I know, my friends say, but you're just rowing. Essentially, no-one cares about you. There's no press to coddle. There is no big corporate marketing mess and contracts to deal with. There aren't a bunch of important people to placate, and to make sure they have properly catered parties and receptions.

And that is exactly the point.

I actually think it would be good for basketball to go back to doing some things "old school" as it were. Bring the athletes to Ann Arbor. Hell, my team will throw the guys a barbecue down at our boathouse. They're all tall; it'll work out. Maybe we'll even teach them to row for fun. And then, when it's time to, lace up some shoes and play some ball.

It could be about the sports and not about the party.

It could be about the hoops, and not about the hoopla.

Everyone can watch from home or from parties on TV anyway; but like the Olympics and the Super Bowl, all the extravaganza just becomes something coaches have to shade their teams from anyway. Given the public relations disaster right now about the amount of money flowing through the tournament and the coaches' salaries, but not to the players, this might even be a good move to reset the image of NCAA basketball.

Now, it would be a pain. Coaches like to plan, and the corporate bureaucratic types like to plan, and the journalists like to plan. Last minute changes can be uncomfortable. But, as a friend of mine, a former Israeli tank commander taught me when I first met him fifteen years ago, every plan must be a basis for change. If you can't row in Ithaca, row in Camden. If you shouldn't play ball in Indiana, play ball in Michigan or Ohio or Illinois. We'd actually find out who the best players are, not who the best players are when everything is just right.

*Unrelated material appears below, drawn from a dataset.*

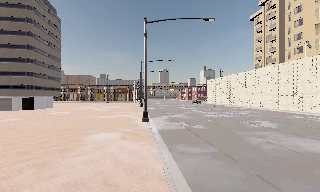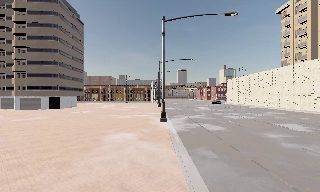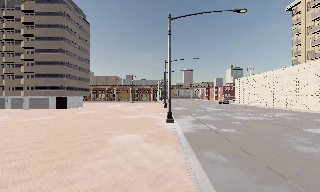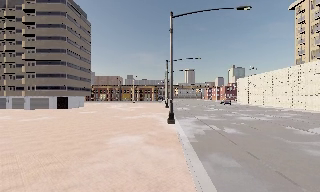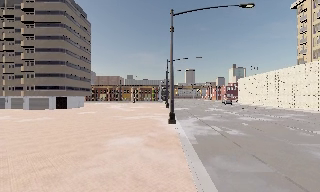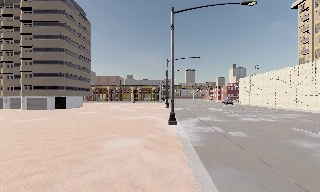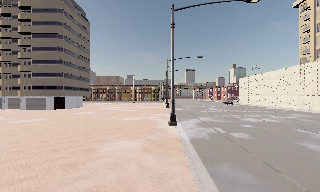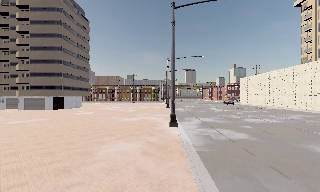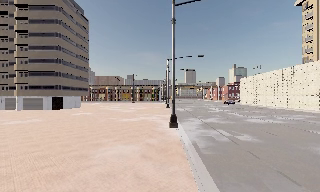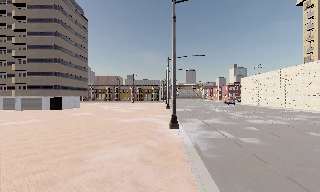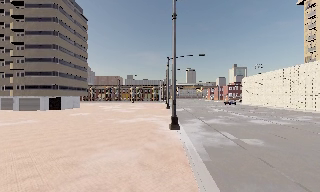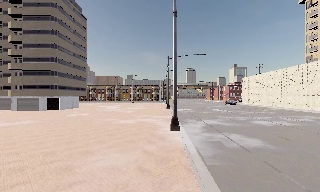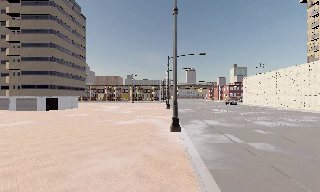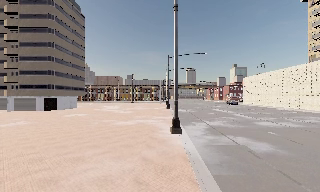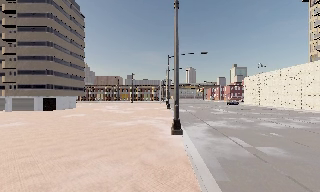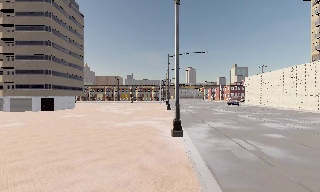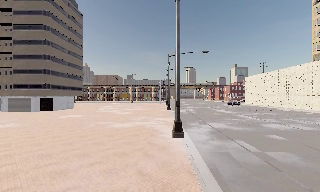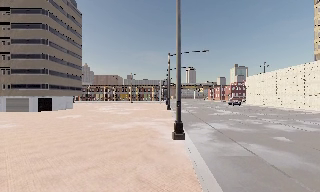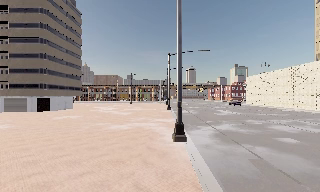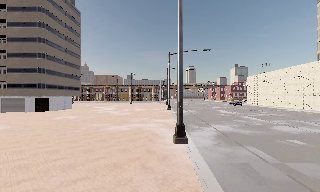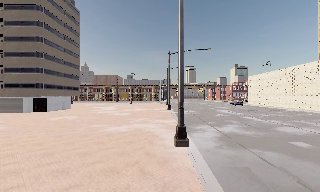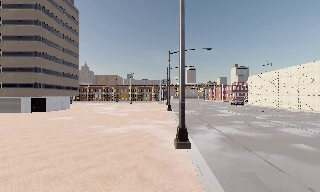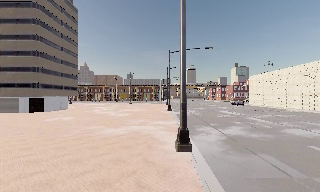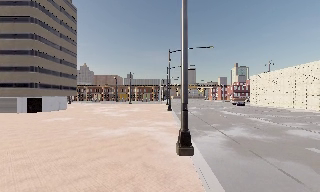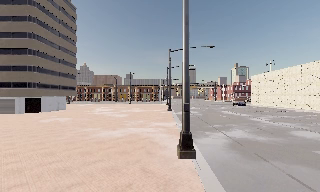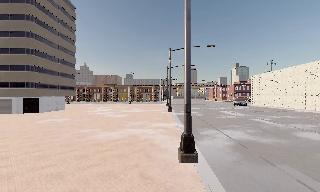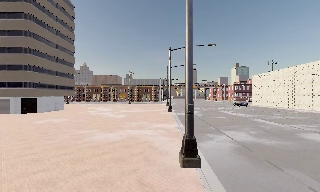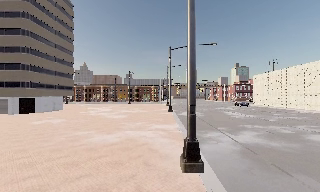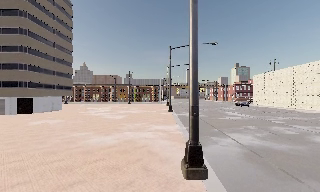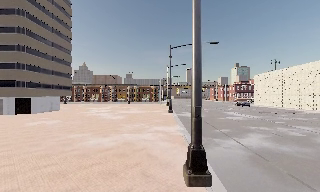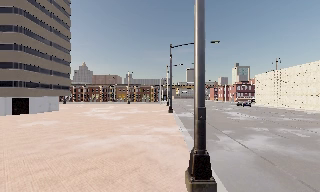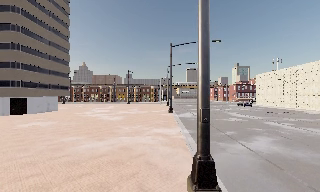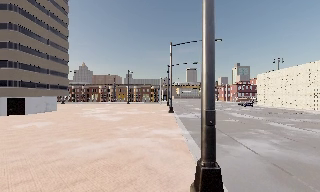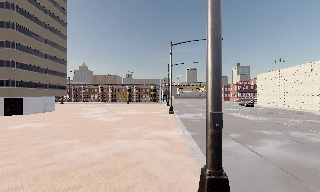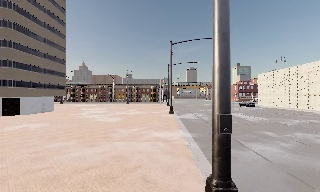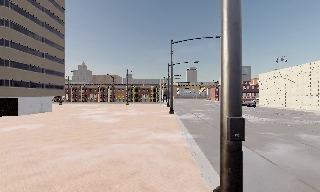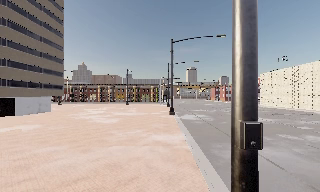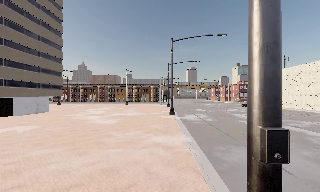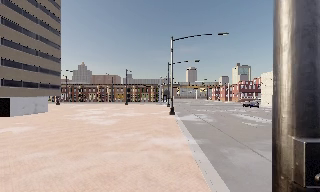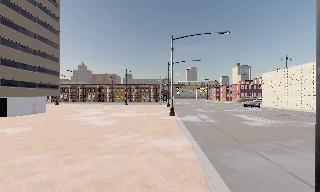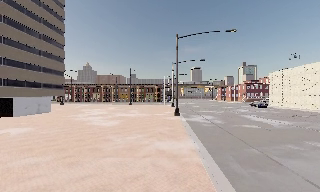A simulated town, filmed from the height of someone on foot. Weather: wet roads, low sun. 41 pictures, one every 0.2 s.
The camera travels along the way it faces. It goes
forward.
0.0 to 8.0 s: The camera pans to its left, which is counterclockwise from overhead, by about 10 degrees. It travels forward, about 16 m, so what stands in front looms larger.
The film runs forward here.

But, if it's a pain, why go through all this kerfuffle? Simply, because it's the right thing to do.

It's actually pretty unlikely that gay athletes and coaches are going to be discriminated against in Indianapolis. If any of the remaining players and staff in the draw are gay or bisexual, they're not out about it. I'm also assuming none of them are trans. But you never know who their families are, or who their support staff are, or who their fans are. And none of them should be put in a position where someone might be free to choose to discriminate against them under the sanction of law.

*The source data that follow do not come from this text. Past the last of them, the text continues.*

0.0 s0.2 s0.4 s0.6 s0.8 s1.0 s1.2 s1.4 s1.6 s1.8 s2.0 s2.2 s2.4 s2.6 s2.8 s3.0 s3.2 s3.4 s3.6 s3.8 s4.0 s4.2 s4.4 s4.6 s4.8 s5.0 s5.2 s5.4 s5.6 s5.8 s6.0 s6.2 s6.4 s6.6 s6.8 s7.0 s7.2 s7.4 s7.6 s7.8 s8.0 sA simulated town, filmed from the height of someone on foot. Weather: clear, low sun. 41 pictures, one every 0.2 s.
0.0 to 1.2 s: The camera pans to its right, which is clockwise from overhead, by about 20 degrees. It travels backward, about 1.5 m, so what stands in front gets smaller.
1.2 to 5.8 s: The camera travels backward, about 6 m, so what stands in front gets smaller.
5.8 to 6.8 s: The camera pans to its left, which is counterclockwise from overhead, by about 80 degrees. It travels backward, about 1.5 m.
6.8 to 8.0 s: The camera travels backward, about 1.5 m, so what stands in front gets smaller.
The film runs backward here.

Cyd says he'll focus on "what's reasonable." But bringing about social change requires, more often than not, for us to demand the "unreasonable."

I've had the honor several times at Michigan to talk to older men, Wolverine athletes, black men who had been asked at times to stay in different hotels or eat in different restaurants "back in the day" when Michigan went to compete down south. Hearing their stories was heartbreaking. What was asked of them was unreasonable. We should never hear such stories again.

Athletes playing college basketball and football have been asking to be paid in some fashion for their part in this billion-dollar industry. To some, that, too, is "unreasonable." People who wanted to ride the bus in Selma and women who wanted to vote or to get paid the same amount have all been called "unreasonable."

It's funny how "unreasonable" usually just means "not in the interest of those in power."

Perhaps it's been "unreasonable" for me to insist I could be an openly gay college coach for the past 25 years. But I did, and people have been supportive. I imagine that my fellow rowing coaches would not think it unreasonable of me if I asked a race scheduled in Indiana to be moved. A pain yes, but not unreasonable.

But if you don't insist on change, it rarely ever happens.

So, perhaps this is a time to be unreasonable. The NCAA, and the universities that comprise it, and the athletic press complex that supports and profits from it should not do the "reasonable" thing, but the right thing.

Find a court the right size. Focus on the game. Focus on doing things the right way. Forget about the hoopla, and make the Final Four about the hoops. Celebrate the equity that comes when two evenly matched teams square off, five-on-five, for a national championship in a place where all ten are welcome, no matter who they might be.

It's the only reasonable solution to a highly unreasonable situation.